Its API will feel natural to C programmers but can also be used as the base of a C extension in higher-level MongoDB drivers.

The library contains everything you would expect from a BSON implementation. It has the ability to work with documents in their serialized form, iterating elements within a document, overwriting fields in place, Object Id generation, JSON conversion, data validation, and more. Some lessons were learned along the way that are beneficial for those choosing to implement BSON themselves.

Improving small document performance

A common use case of BSON is for relatively small documents. This has a profound impact on the memory allocator in userspace, causing what is commonly known as “memory fragmentation”. Memory fragmentation can make it more difficult for your allocator to locate a contiguous region of memory.

In addition to increasing allocation latency, it increases the memory requirements of your application to overcome that fragmentation.

To help with this issue, the bson_t structure contains 120 bytes of inline space that allows BSON documents to be built directly on the stack as opposed to the heap.

When the document size grows past 120 bytes it will automatically migrate to a heap allocation.

Additionally, bson_t will grow it’s buffers in powers of two. This is standard when working with buffers and arrays as it amortizes the overhead of growing the buffer versus calling realloc() every time data is appended. 120 bytes was chosen to align bson_t to the size of two sequential cachelines on x86_64 (each 64 bytes).

This may change based on future research, but not before a stable ABI has been reached.

Single allocation for nested documents

One strength of BSON is it’s ability to nest objects and arrays. Often times when serializing these nested documents, each sub-document is serialized independently and then appended to the parents buffer.

As you might imagine, this takes quite the toll on the allocator. It can generate many small allocations which were only created to have been immediately discarded after appending to the parents buffer. Libbson allows for building sub-documents directly into the parent documents buffer.

Doing so helps avoid this costly fragmentation. The topmost document will grow its underlying buffers in powers of two each time the allocation would overflow.

Parsing BSON documents from network buffers

Another common area for allocator fragmentation is during BSON document parsing. Libbson allows parsing and iteration of BSON documents directly from your incoming network buffer.

This means the only allocations created are those needed for your higher level language such as a PyDict if writing a Python extension.

Developers writing C extensions for their driver may choose to implement a “generator” style parsing of documents to help keep memory fragmentation low.

A technique we’re yet to explore is implementing a hashtable-esque structure backed by BSON, only deserializing the entire buffer after a threshold of keys have been accessed.
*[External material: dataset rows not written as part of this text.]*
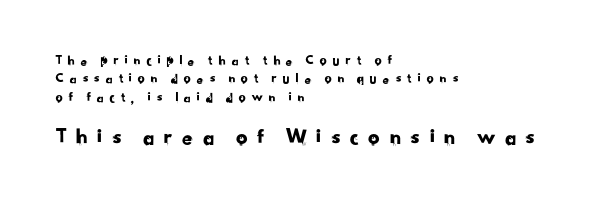
The image shows 23 px text type; set left-aligned, normal line spacing (1.31x), unusually wide letter spacing (+0.34 em), not underlined; the second (bottom) block is 1.64x larger.
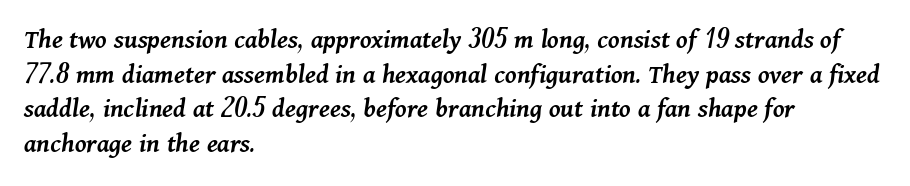
Q: Is the text bold? A: Semi-bold.
Q: Is the text italic (slanted)? A: Yes, it leans right by about 11 degrees.
Q: Is the text underlined? A: No.
Q: How is the paragraph aligned? A: Left-aligned.
Q: Is the spacing between letters normal or unusually wide? A: Normal.
Q: Width (condensed, normal, or wide)? A: Normal.
Q: Stroke contrast? A: Medium.
Q: x-height? A: Medium.
Q: Monospaced? A: No.
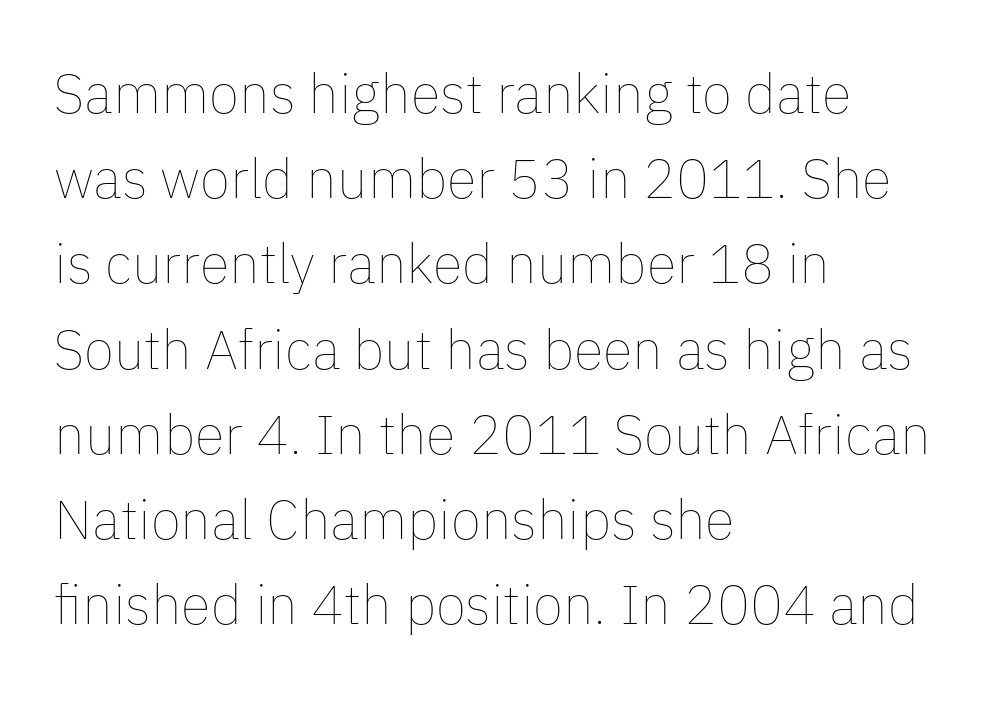
A light-to-regular cut is what we see here. The string is rendered with underlining switched off. Do the letters lean? They stand straight. Left-aligned paragraph, ragged on the right.
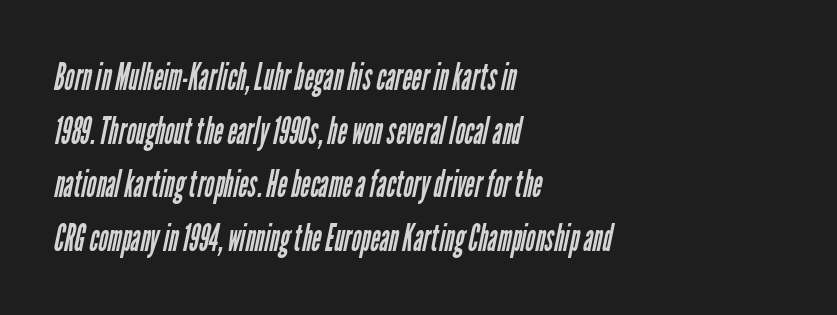
Q: Is the text bold? A: No.
Q: Is the typeface a serif or a sans-serif typeface? A: Sans-serif.
Q: Is the text underlined? A: No.
Q: How is the paragraph aligned? A: Left-aligned.
Q: Is the spacing between letters normal or unusually wide? A: Normal.
Q: Is the spacing between lines tight, normal or loose? A: Normal.
Q: Width (condensed, normal, or wide)? A: Condensed.
Q: Stroke contrast? A: Low.
Q: x-height? A: Medium.
Q: Monospaced? A: No.
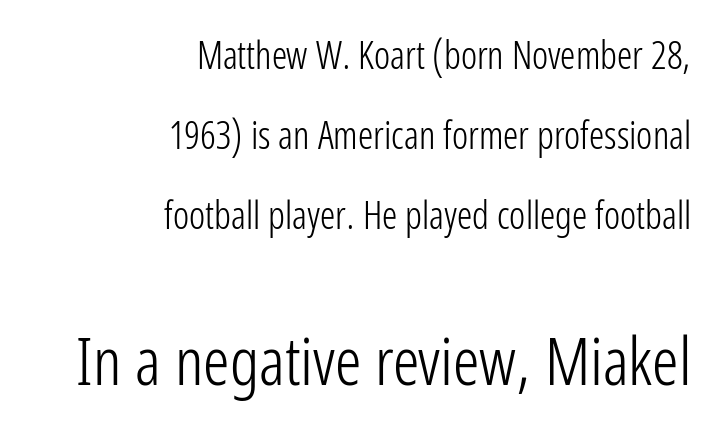
Q: Is the text bold? A: No.
Q: Is the text italic (slanted)? A: No, it is upright.
Q: Is the typeface a serif or a sans-serif typeface? A: Sans-serif.
Q: Is the text underlined? A: No.
Q: How is the paragraph aligned? A: Right-aligned.
Q: Is the spacing between letters normal or unusually wide? A: Normal.
Q: Is the spacing between lines tight, normal or loose? A: Loose.
Q: Which block of text is set in a larger size, the first (top) or the second (bottom)? A: The second (bottom) one.
Q: Width (condensed, normal, or wide)? A: Condensed.
Q: Stroke contrast? A: Low.
Q: x-height? A: Medium.
Q: Monospaced? A: No.
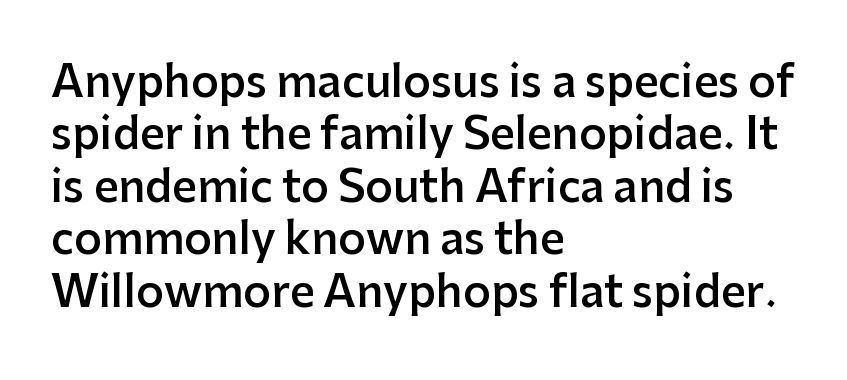
{"serif": "no", "italic": "no", "bold": "semi", "weight": "semibold", "width": "normal", "stroke_contrast": "low", "x_height": "medium", "monospaced": "no", "underline": "no", "align": "left", "line_spacing_ratio": 1.22, "letter_spacing": "normal", "letter_spacing_em": 0.0, "glyph_px": 43}
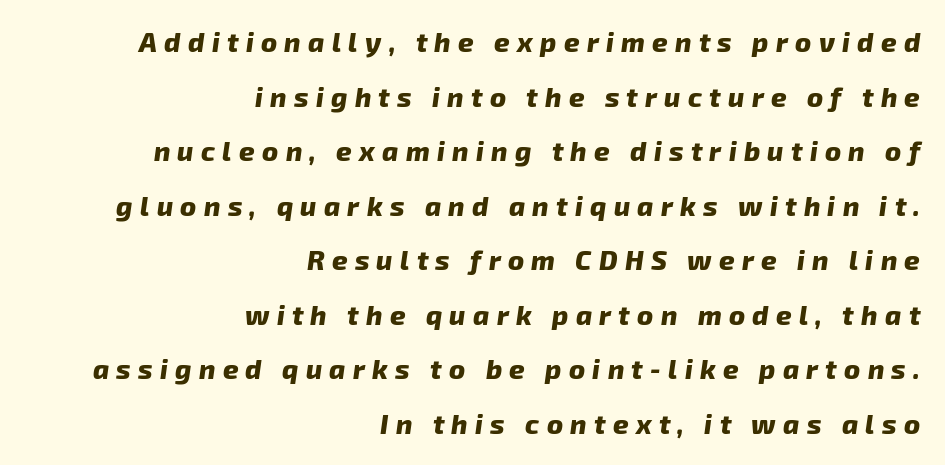
Beneath every word, the page is bare. The block of text is sparse from top to bottom, with ample space between rows. Words appear elongated and porous because spacing is wide. The font's italic variant was chosen for this text.
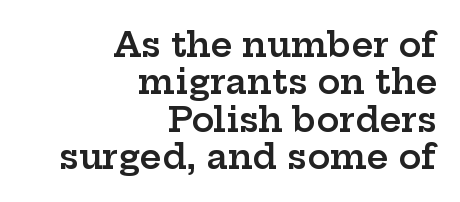
{"serif": "yes", "italic": "no", "bold": "semi", "weight": "semibold", "width": "wide", "stroke_contrast": "low", "x_height": "medium", "monospaced": "no", "underline": "no", "align": "right", "line_spacing": "tight", "line_spacing_ratio": 1.1, "letter_spacing": "normal", "letter_spacing_em": 0.0, "glyph_px": 34}
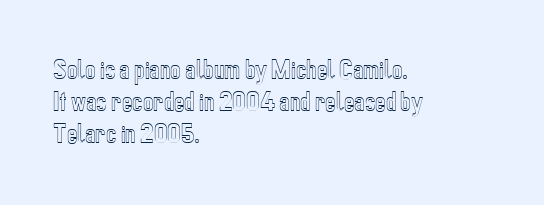
Q: Is the text italic (slanted)? A: No, it is upright.
Q: Is the text underlined? A: No.
Q: How is the paragraph aligned? A: Left-aligned.
Q: Is the spacing between letters normal or unusually wide? A: Normal.
Q: Is the spacing between lines tight, normal or loose? A: Normal.
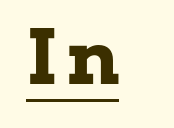
Proportional: the letters do not fall into vertical columns. Students, this is bold: see how much ink each stroke carries. Ordinary non-slanted type is in use. The passage shown is underscored from start to finish.
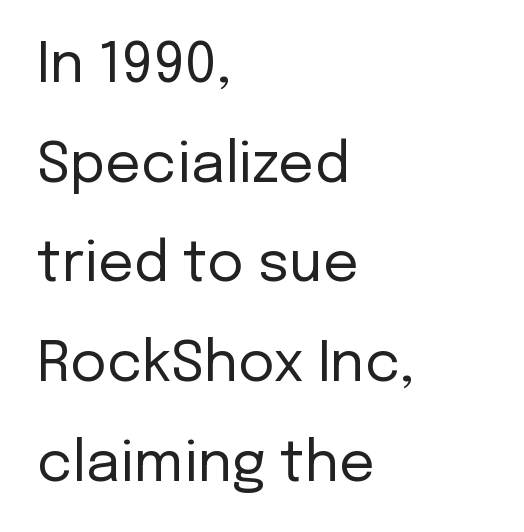
{"serif": "no", "italic": "no", "bold": "no", "weight": "regular", "width": "normal", "stroke_contrast": "low", "x_height": "medium", "monospaced": "no", "underline": "no", "align": "left", "line_spacing_ratio": 1.78, "letter_spacing": "normal", "letter_spacing_em": 0.0, "glyph_px": 56}
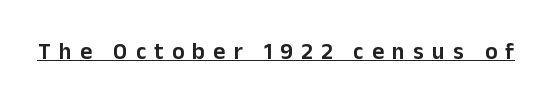
The lettering stays uniformly vertical, giving the passage a roman look. The face used here appears with an underline applied. Letter spacing: wide.
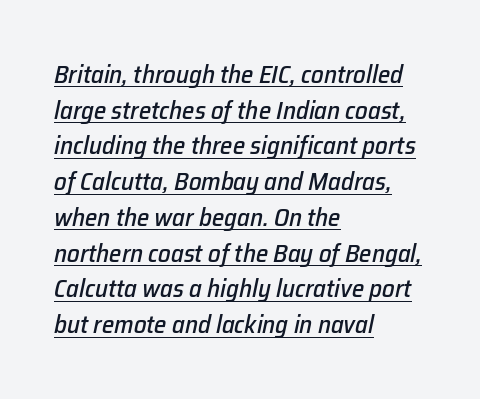
The image shows 25 px text type, italic (leaning right); set left-aligned, normal line spacing (1.43x), normal letter spacing, underlined.
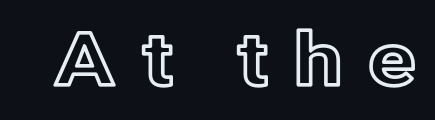
Q: Is the text italic (slanted)? A: No, it is upright.
Q: Is the text underlined? A: No.
Q: Is the spacing between letters normal or unusually wide? A: Unusually wide.
Q: Width (condensed, normal, or wide)? A: Normal.
Q: x-height? A: Medium.
Q: Monospaced? A: No.
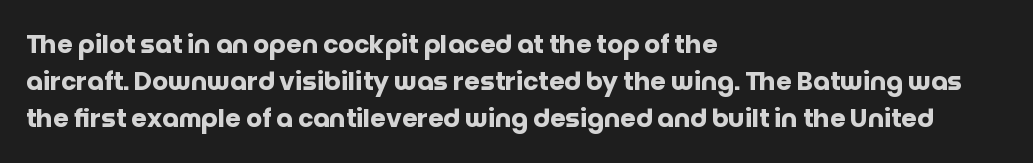
Q: Is the text bold? A: Yes.
Q: Is the text italic (slanted)? A: No, it is upright.
Q: Is the text underlined? A: No.
Q: How is the paragraph aligned? A: Left-aligned.
Q: Is the spacing between letters normal or unusually wide? A: Normal.
Q: Is the spacing between lines tight, normal or loose? A: Normal.
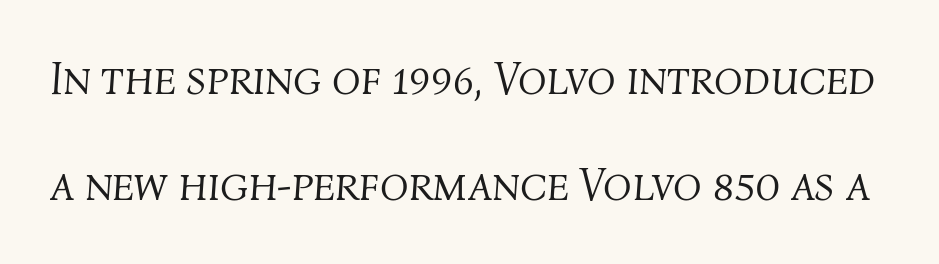
{"italic": "yes", "lean": "right", "slant_degrees": 4, "bold": "no", "weight": "light", "width": "normal", "stroke_contrast": "medium", "x_height": "medium", "monospaced": "no", "underline": "no", "line_spacing": "loose", "line_spacing_ratio": 2.26, "letter_spacing": "normal", "letter_spacing_em": 0.0, "glyph_px": 47}
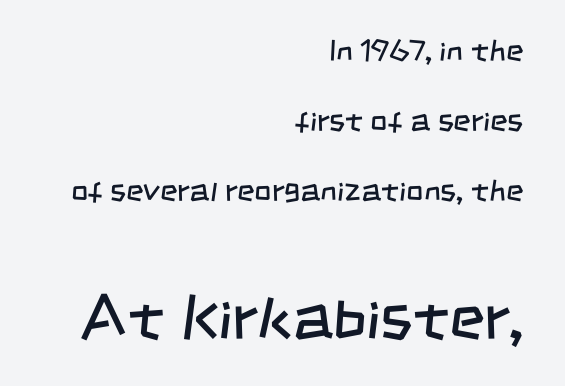
The image shows 61 px regular-weight, condensed sans-serif type; set right-aligned, loose line spacing (2.33x), normal letter spacing, not underlined; the second (bottom) block is 2.03x larger; low stroke contrast and a large x-height.
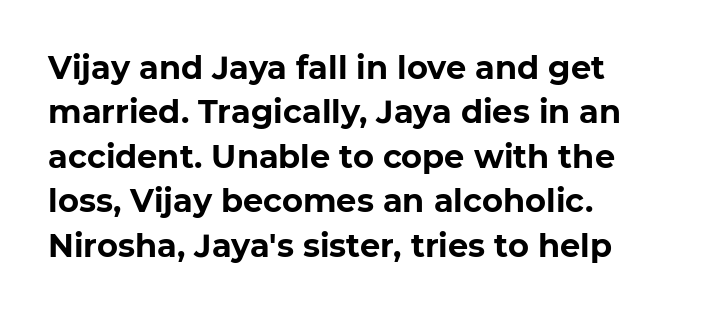
This sample has the flowing, uneven cadence of proportional lettering. Line beginnings align vertically; line endings do not. The leading is moderate, giving the passage an even texture. The letterforms sit shoulder to shoulder at normal distance. The baseline area is clear.
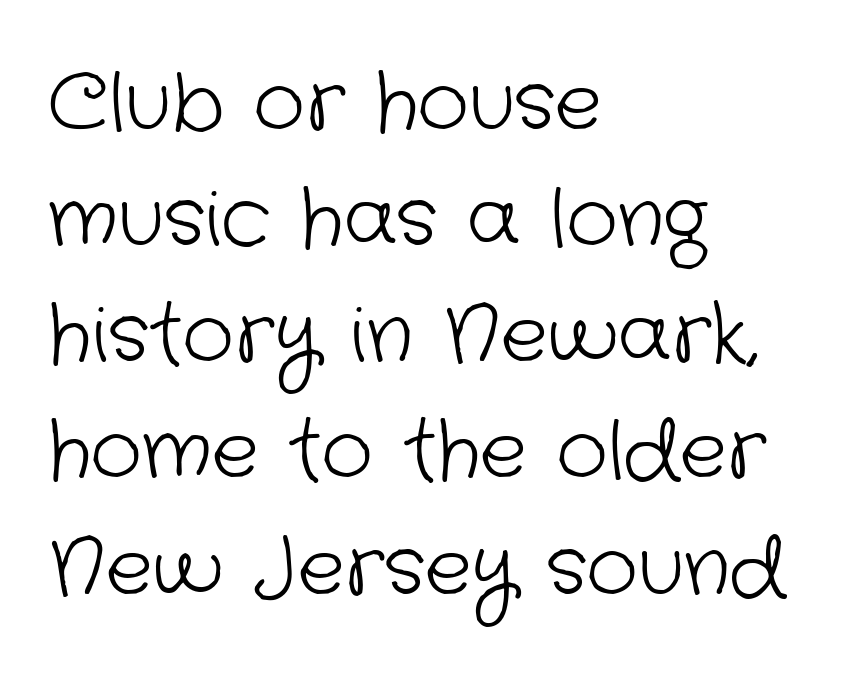
The letters look calm and open, with moderate or lighter stems. Think of a printed novel: that variable character pitch is what you see here. Tracking here is standard; glyphs follow each other at the usual distance. Classification — sans serif. In terms of leading, this rendering sits right in the middle.
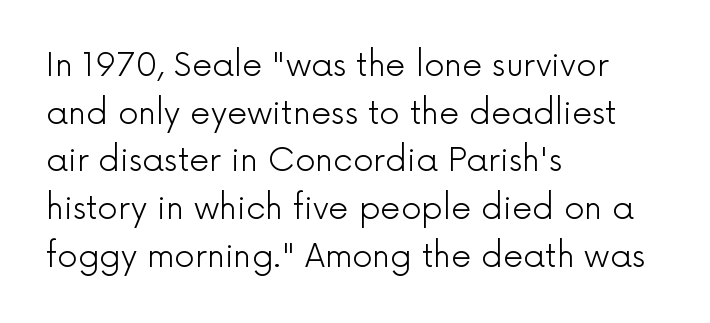
Q: Is the text bold? A: No.
Q: Is the text italic (slanted)? A: No, it is upright.
Q: Is the typeface a serif or a sans-serif typeface? A: Sans-serif.
Q: Is the text underlined? A: No.
Q: How is the paragraph aligned? A: Left-aligned.
Q: Is the spacing between letters normal or unusually wide? A: Normal.
Q: Is the spacing between lines tight, normal or loose? A: Normal.
Q: Width (condensed, normal, or wide)? A: Normal.
Q: x-height? A: Medium.
Q: Monospaced? A: No.
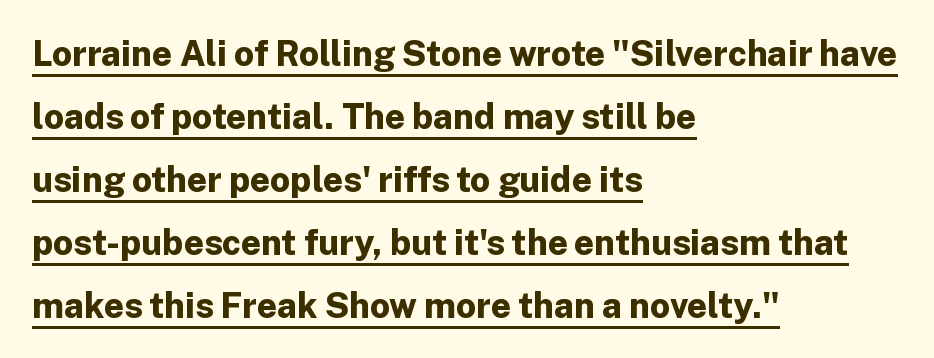
Q: Is the text bold? A: Yes.
Q: Is the text italic (slanted)? A: No, it is upright.
Q: Is the typeface a serif or a sans-serif typeface? A: Sans-serif.
Q: Is the text underlined? A: Yes.
Q: How is the paragraph aligned? A: Left-aligned.
Q: Is the spacing between letters normal or unusually wide? A: Normal.
Q: Width (condensed, normal, or wide)? A: Normal.
Q: Stroke contrast? A: Low.
Q: x-height? A: Medium.
Q: Monospaced? A: No.
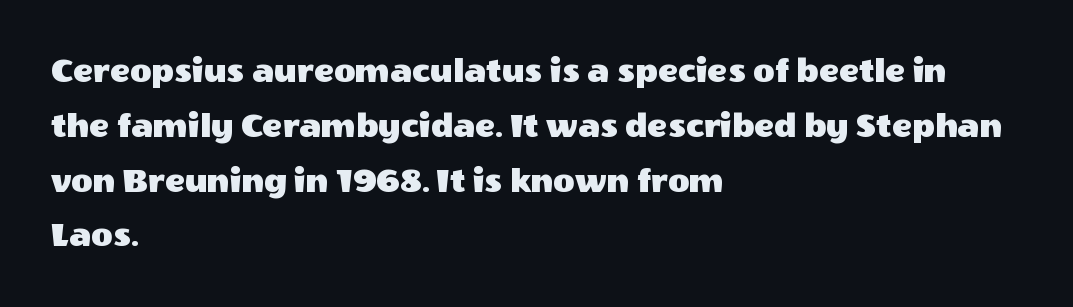
Q: Is the text italic (slanted)? A: No, it is upright.
Q: Is the typeface a serif or a sans-serif typeface? A: Sans-serif.
Q: Is the text underlined? A: No.
Q: How is the paragraph aligned? A: Left-aligned.
Q: Is the spacing between letters normal or unusually wide? A: Normal.
Q: Is the spacing between lines tight, normal or loose? A: Normal.
Q: Width (condensed, normal, or wide)? A: Normal.
Q: x-height? A: Large.
Q: Monospaced? A: No.
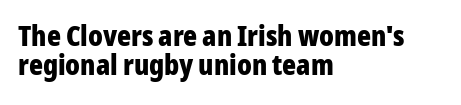
Each letter keeps its own natural width here, so spacing adapts to shape. You could call the tracking neutral — neither tight nor loose. Is there any slant? The stems are plumb. The foot of each line stays bare and open. Closely set lines give the paragraph a compact silhouette. In terms of letterform style, serifs are entirely absent.
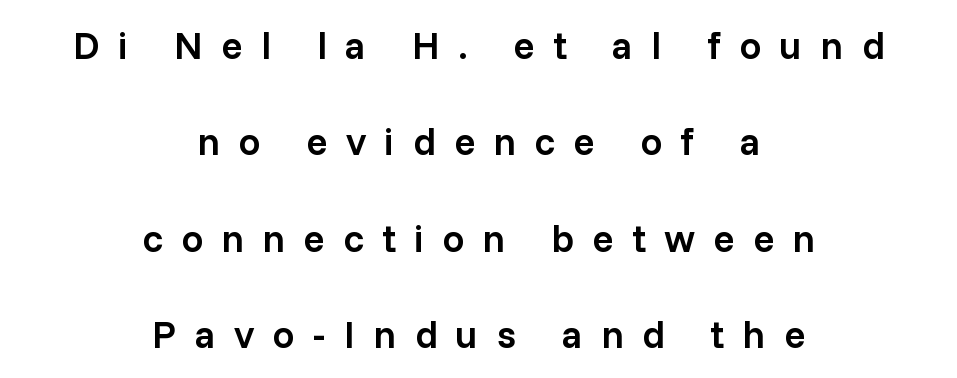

Generating BSON documents into network buffers

Much like parsing BSON documents, generating documents and placing them into your network buffers can be hard on your memory allocator. To help keep this fragmentation down, Libbson provides support for serializing your document to BSON directly within a buffer of your choosing.

This is ideal for situations such as writing a sequence of BSON documents into a MongoDB message.

Generating Object Ids without Synchronization

Applications are often doing ObjectId generation, especially in high insert environments. The uniqueness of generated ObjectIds is critical to avoiding duplicate key errors across multiple nodes.

Highly threaded environments create a local contention point slowing the rate of generation. This is because the threads must synchronize on the increment counter of each sequential ObjectId. Failure to do so could cause collisions that would not be detected until after a network round-trip. Most drivers implement the synchronization with an atomic increment or a mutex if atomics are not available.

Libbson will use atomic increments and in some cases avoid synchronization altogether if possible. One such case is a non-threaded environment.

Another is when running on Linux as both threads and processes are in the same namespace.

This allows the use of the thread identifier as the pid within the ObjectId.